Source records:
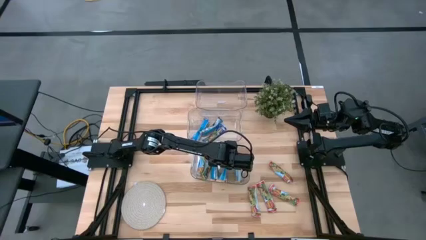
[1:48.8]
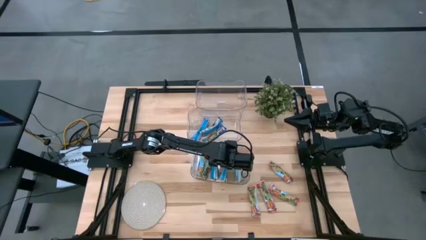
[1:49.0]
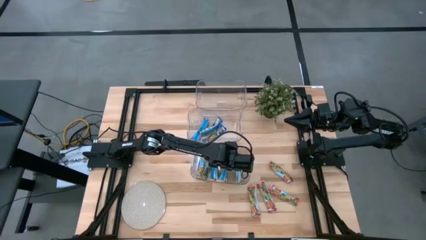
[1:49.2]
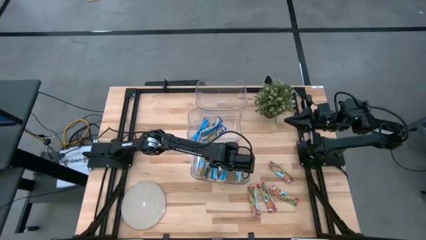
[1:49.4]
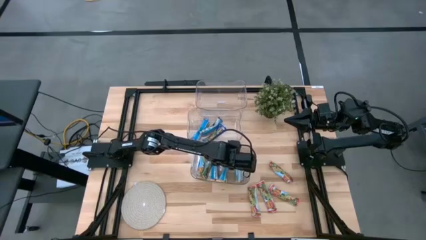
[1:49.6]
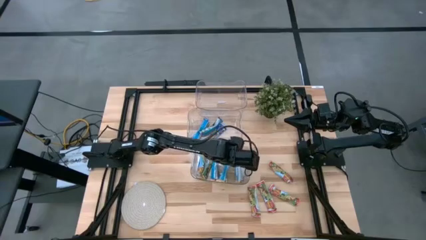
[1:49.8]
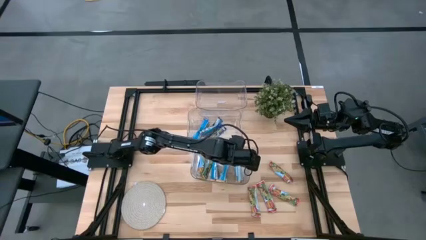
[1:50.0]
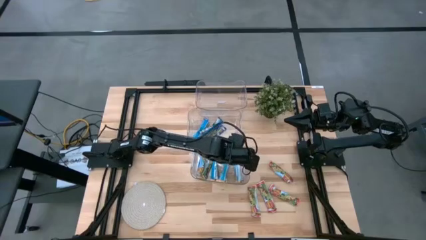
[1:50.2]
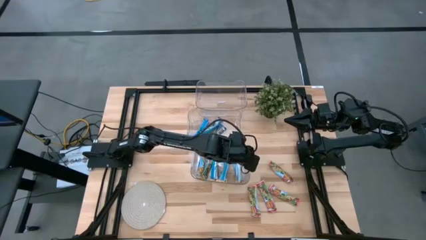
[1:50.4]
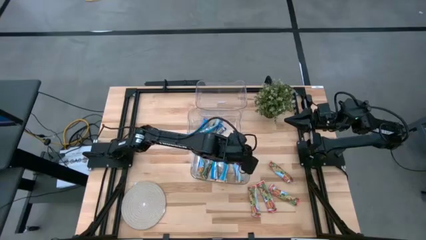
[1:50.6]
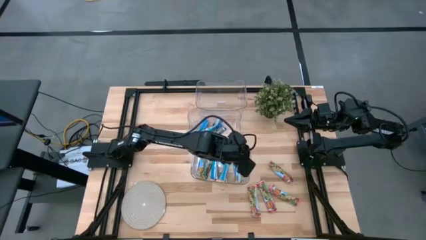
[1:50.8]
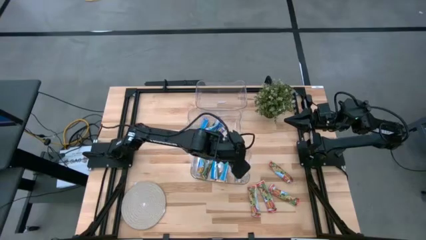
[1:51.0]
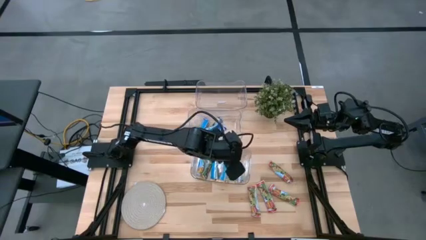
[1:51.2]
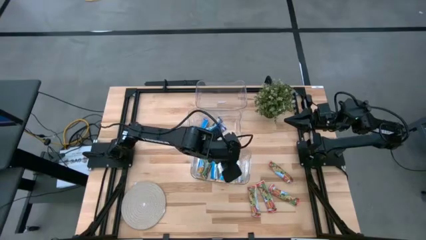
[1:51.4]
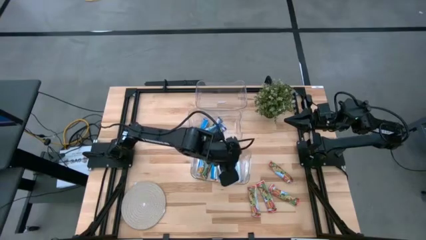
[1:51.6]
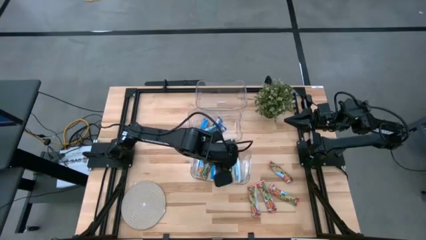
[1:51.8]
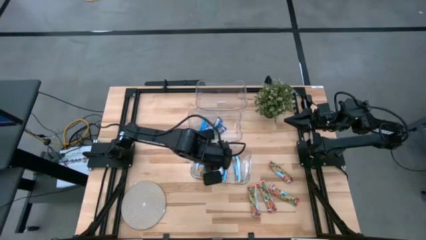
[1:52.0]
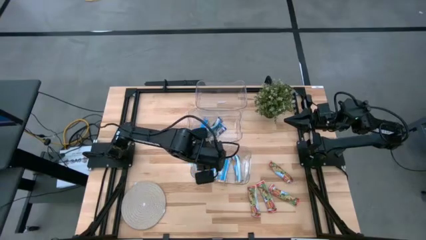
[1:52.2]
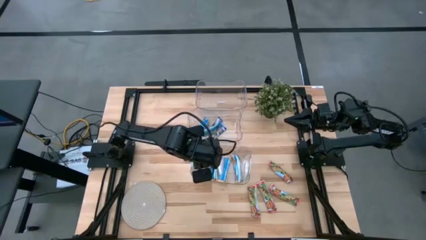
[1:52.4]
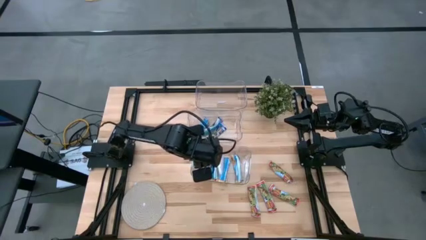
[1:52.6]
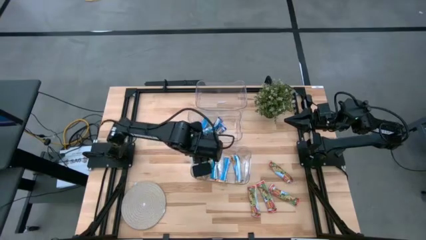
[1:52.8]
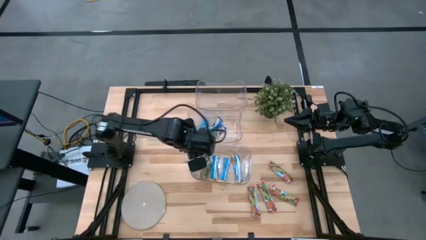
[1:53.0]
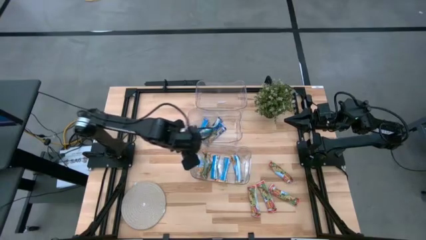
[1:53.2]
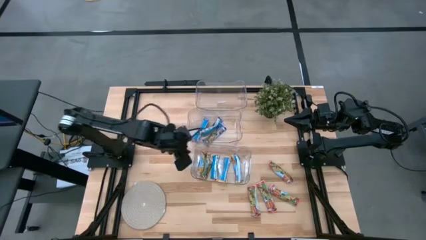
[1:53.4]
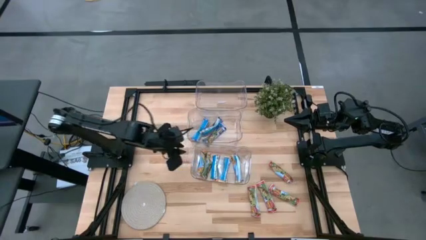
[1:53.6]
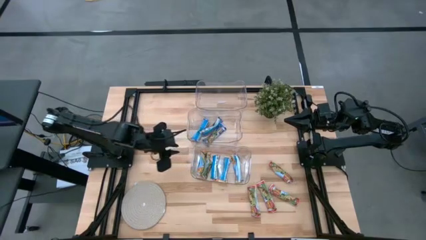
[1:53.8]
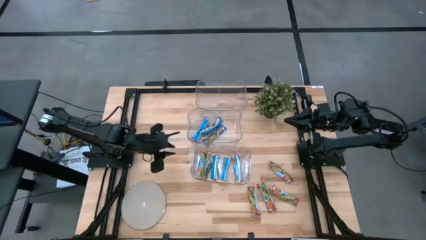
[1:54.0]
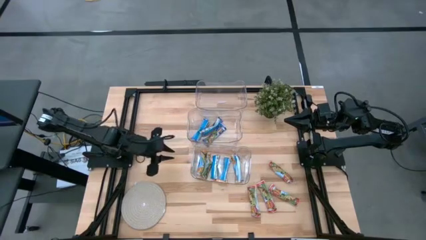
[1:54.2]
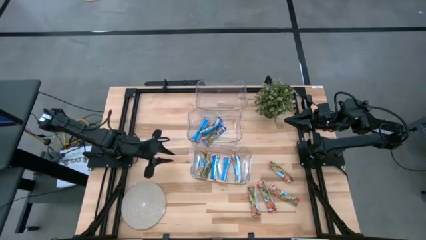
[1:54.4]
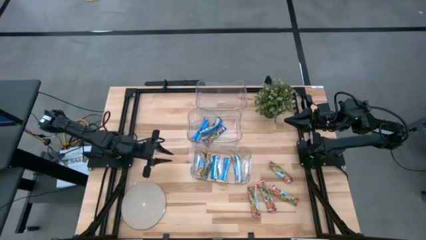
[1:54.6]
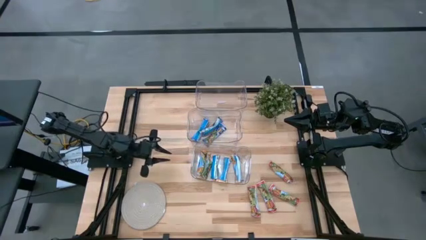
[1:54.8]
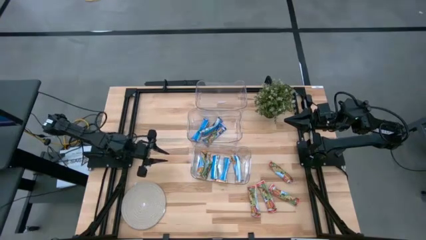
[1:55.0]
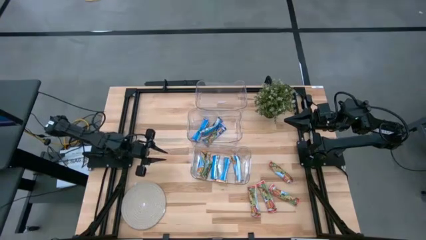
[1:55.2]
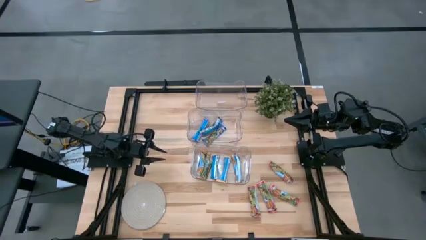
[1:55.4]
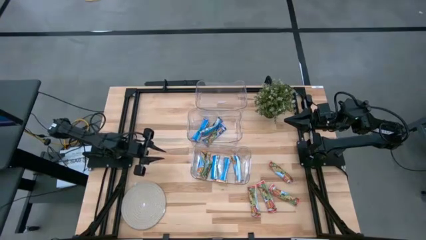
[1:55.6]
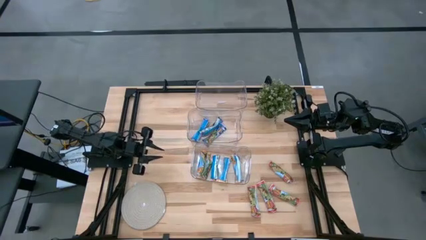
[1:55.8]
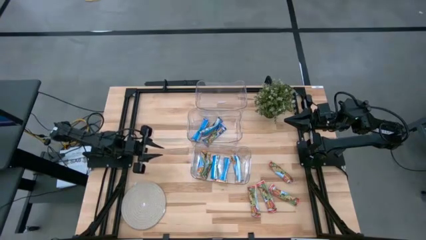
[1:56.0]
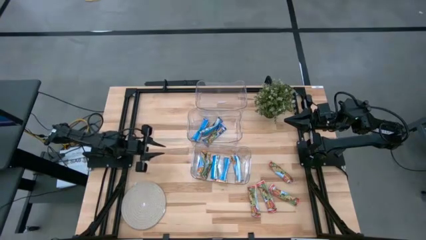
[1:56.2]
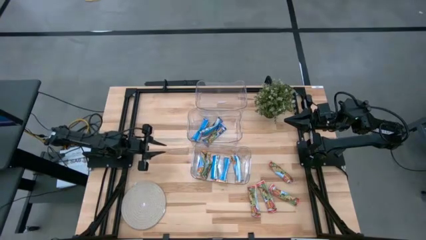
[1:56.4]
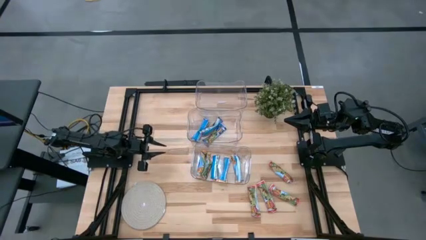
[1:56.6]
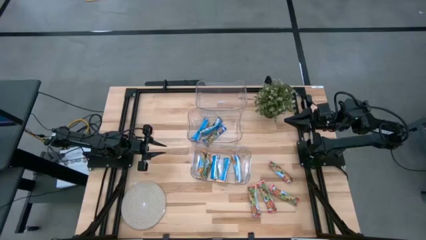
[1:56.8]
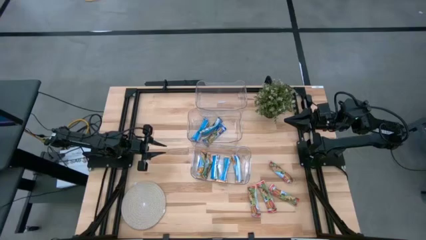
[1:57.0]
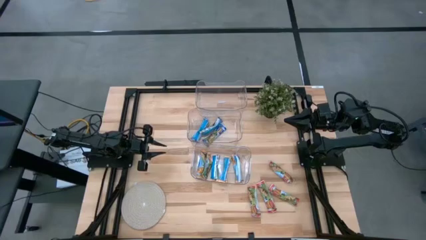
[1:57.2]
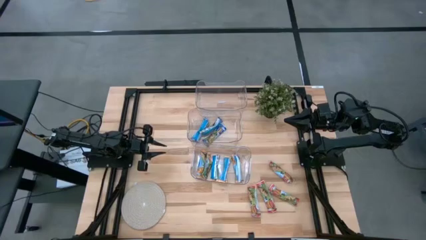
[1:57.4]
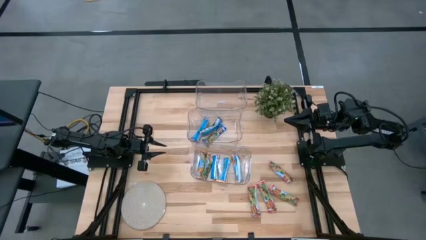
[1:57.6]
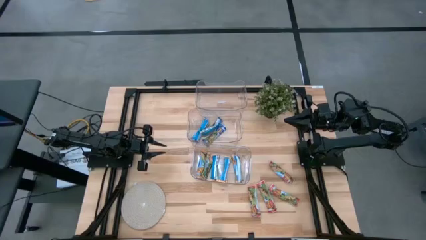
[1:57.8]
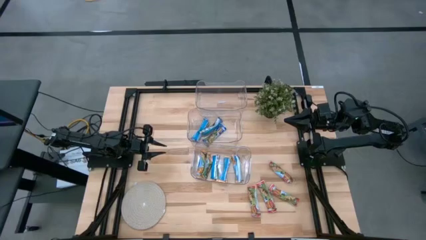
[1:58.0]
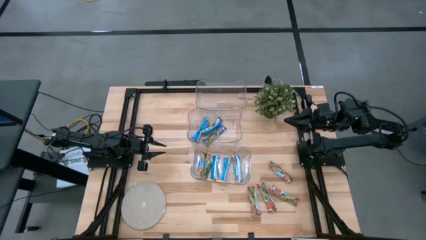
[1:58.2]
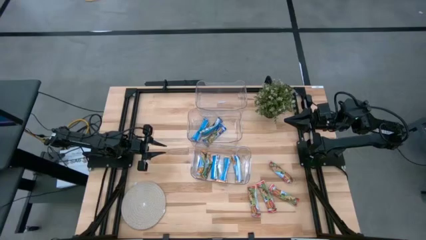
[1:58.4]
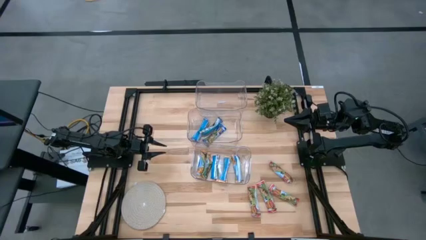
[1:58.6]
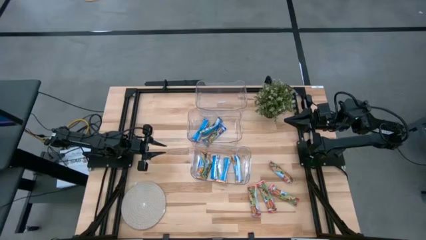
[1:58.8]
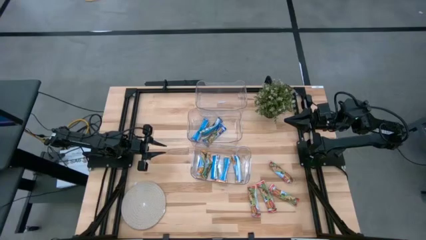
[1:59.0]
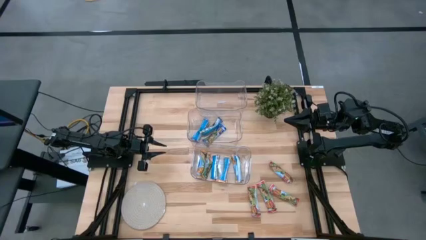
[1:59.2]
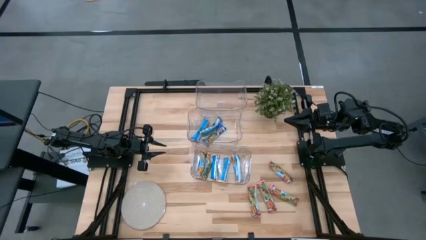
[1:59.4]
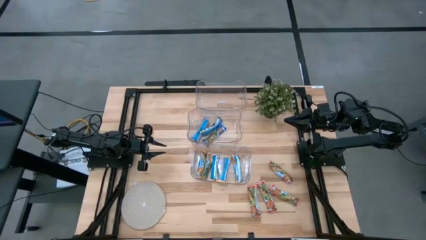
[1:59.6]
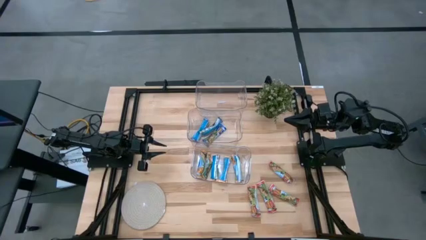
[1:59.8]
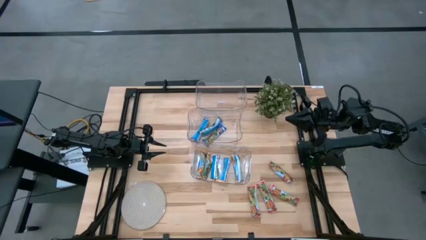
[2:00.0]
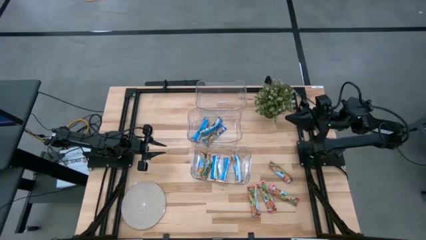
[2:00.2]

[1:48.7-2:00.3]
Task: Pick and place Granola Bars by type
Put the red granola bar into the top transparent bin

= ASSIGNMENT =
An exact copy of every entry above is needed, minus the pictures.

= TASK RESPONSE =
[1:48.8]
[1:49.0]
[1:49.2]
[1:49.4]
[1:49.6]
[1:49.8]
[1:50.0]
[1:50.2]
[1:50.4]
[1:50.6]
[1:50.8]
[1:51.0]
[1:51.2]
[1:51.4]
[1:51.6]
[1:51.8]
[1:52.0]
[1:52.2]
[1:52.4]
[1:52.6]
[1:52.8]
[1:53.0]
[1:53.2]
[1:53.4]
[1:53.6]
[1:53.8]
[1:54.0]
[1:54.2]
[1:54.4]
[1:54.6]
[1:54.8]
[1:55.0]
[1:55.2]
[1:55.4]
[1:55.6]
[1:55.8]
[1:56.0]
[1:56.2]
[1:56.4]
[1:56.6]
[1:56.8]
[1:57.0]
[1:57.2]
[1:57.4]
[1:57.6]
[1:57.8]
[1:58.0]
[1:58.2]
[1:58.4]
[1:58.6]
[1:58.8]
[1:59.0]
[1:59.2]
[1:59.4]
[1:59.6]
[1:59.8]
[2:00.0]
[2:00.2]

[1:48.7-2:00.3]
Task: Pick and place Granola Bars by type
Put the red granola bar into the top transparent bin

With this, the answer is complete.